The Pharmcakinetics of an Older Adult

A

Pharmacokinetics
 Absorption – Slowing of the GI tract
These include a decrease in small-bowel surface area, slowed gastric emptying, reduced gastric blood flow, and a 5% to 10% decrease in gastric acid production.

 Distribution – Decreased available protein
Aging can significantly alter drug distribution. With aging, adults experience a decline in muscle mass and a 20% to 40% increase in fat. The increase in body fat means lipid-soluble drugs have a greater volume of distribution, increased drug storage, reduced elimination, and a prolonged period of action

 Metabolism – Decreased liver function
Older adults are pout at risk for drug toxicity
Hepatic blood flow in the older adult may be decreased by 40%; aging also results in a 15% to 30% decrease in liver size and a reduction in cytochrome P450 (CYP450) enzyme activity, which is responsible for the breakdown of drugs. Drug clearance by hepatic metabolism can be reduced by these age-related changes. A reduction in hepatic metabolism can decrease first-pass metabolism and can prolong drug half-life, resulting in increased drug levels and potential drug toxicity. Nurses must be aware of these metabolic changes and must monitor response to drug therapy to avoid adverse reactions.

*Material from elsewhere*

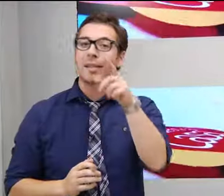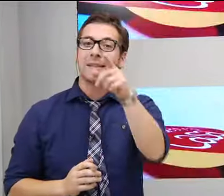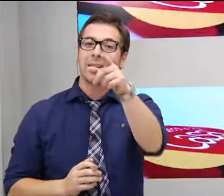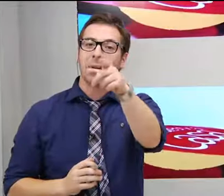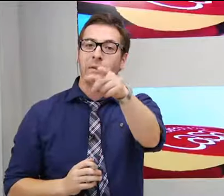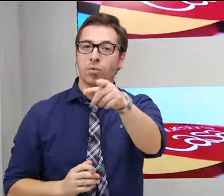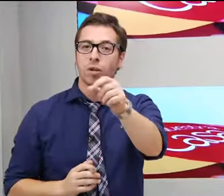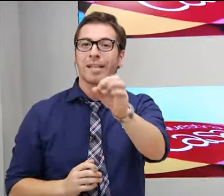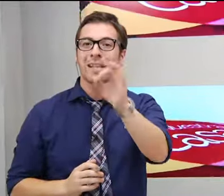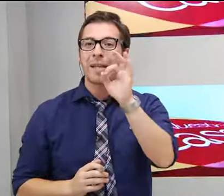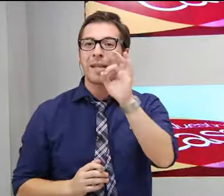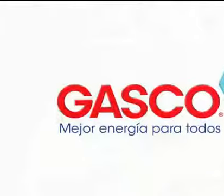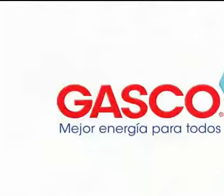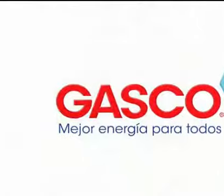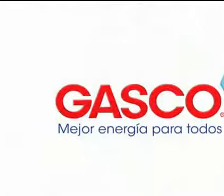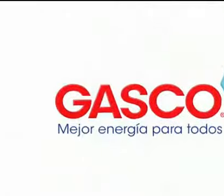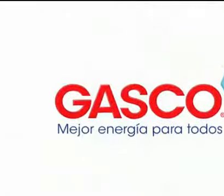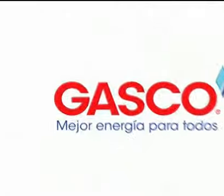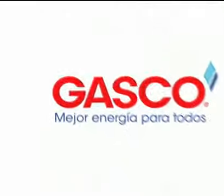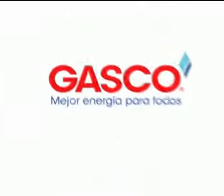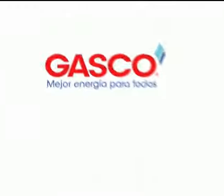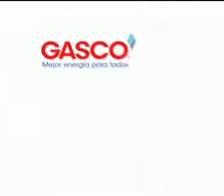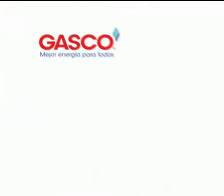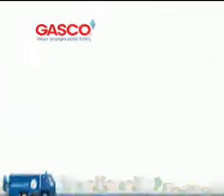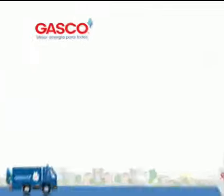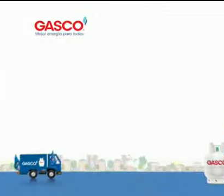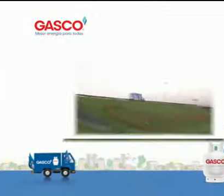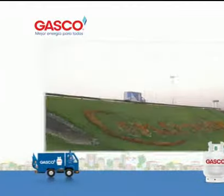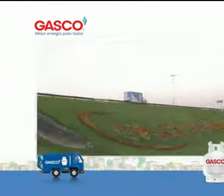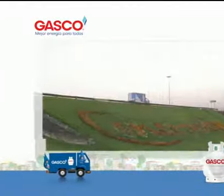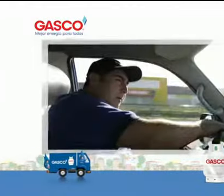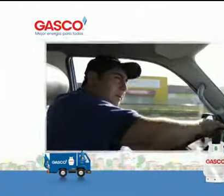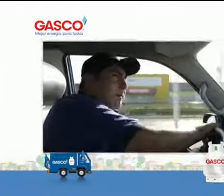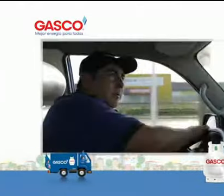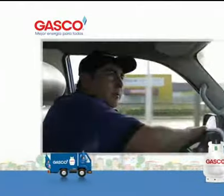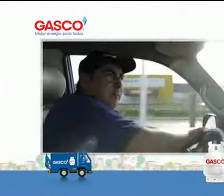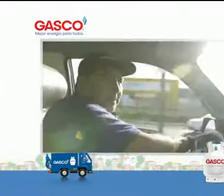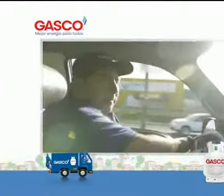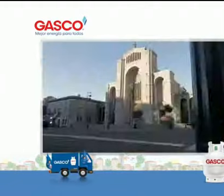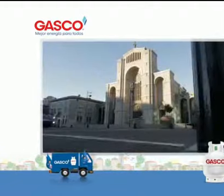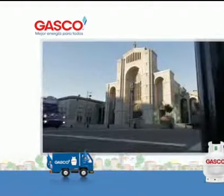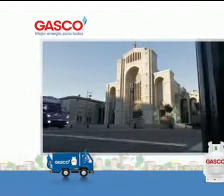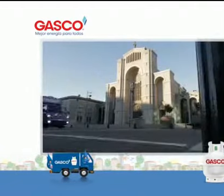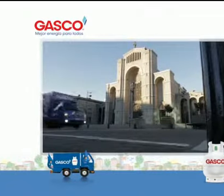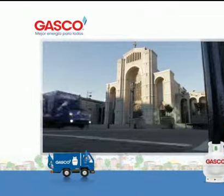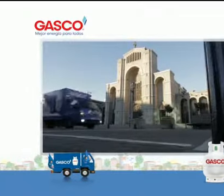entra al Facebook, llamitas Gasco, participa, gana, porque Gasco es mejor energía para todos.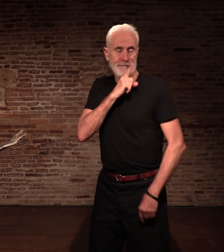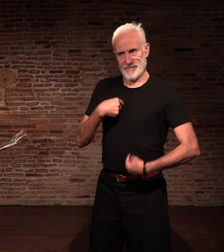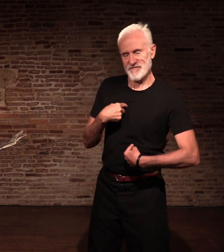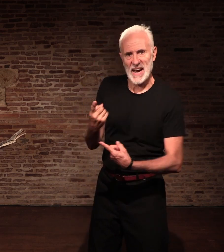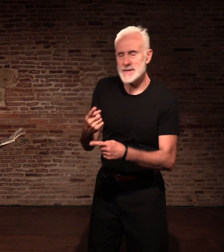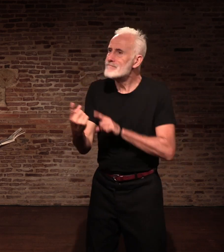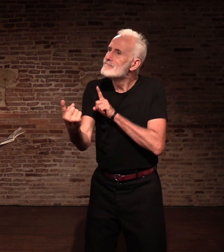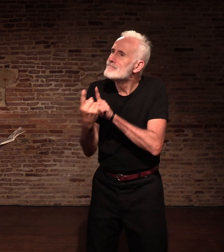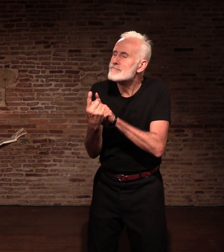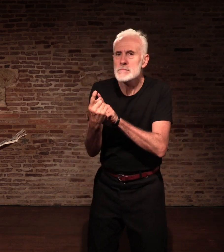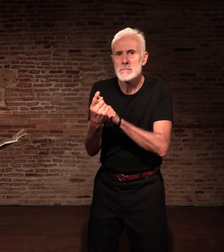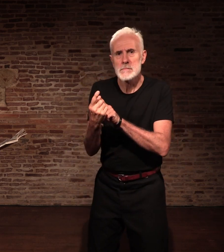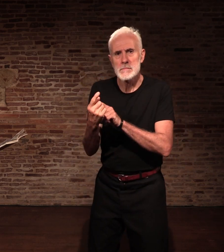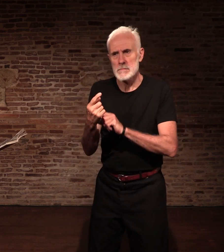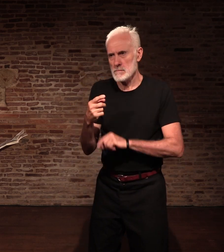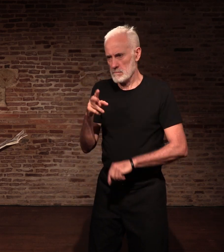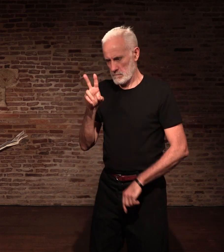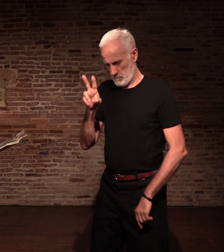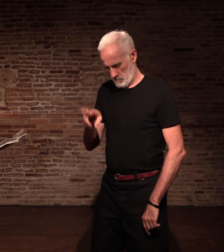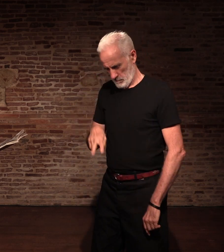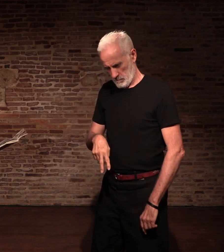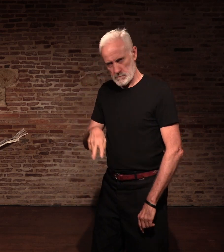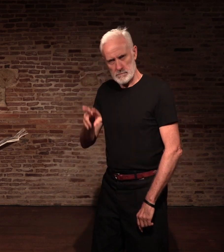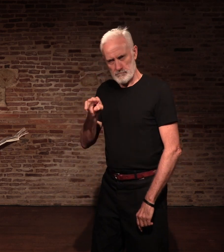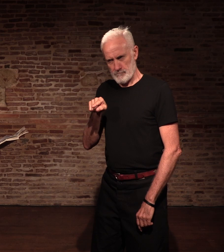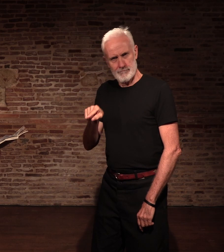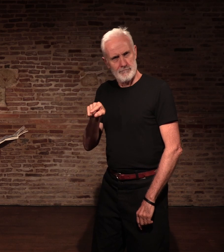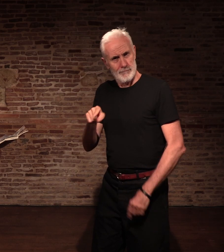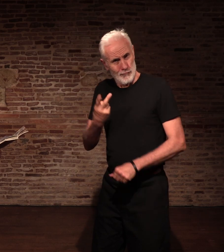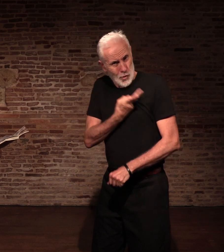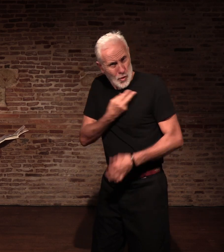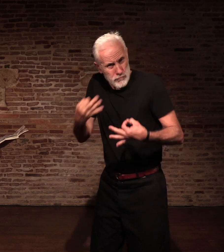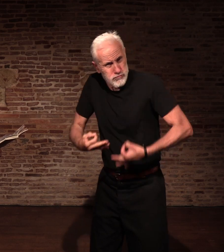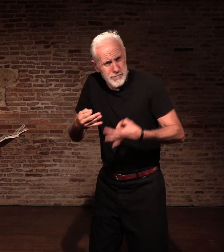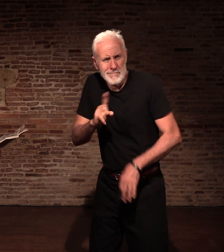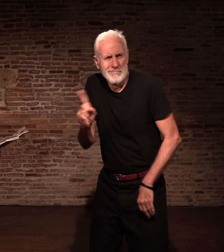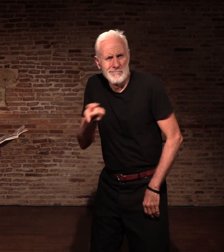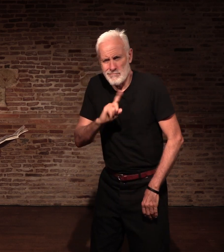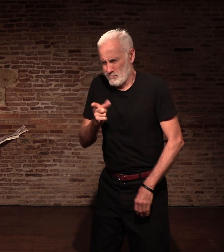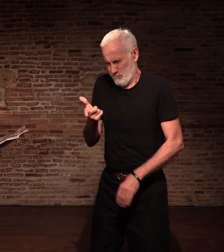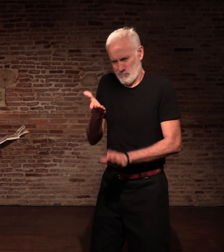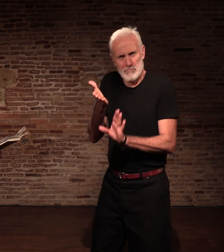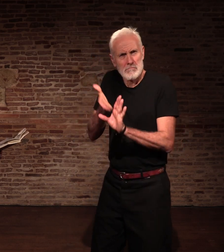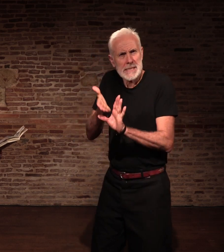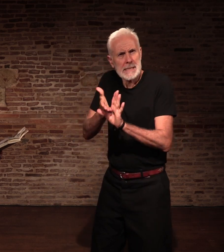allais. Dès mon arrivée à ces façons, je compris aisément que j'avais affaire à un psychanalyste.

 Excretion – Decreased kidney function
Renal excretion of drugs decreases with age. Excretion is altered by age-related changes in kidney function, such as decreased renal size and volume, which differ for each individual.
Changes in kidney function affect many drugs, leading to a prolonged half-life and elevated drug levels. Changes in kidney function require dosage adjustment, especially if the drug has a narrow therapeutic range.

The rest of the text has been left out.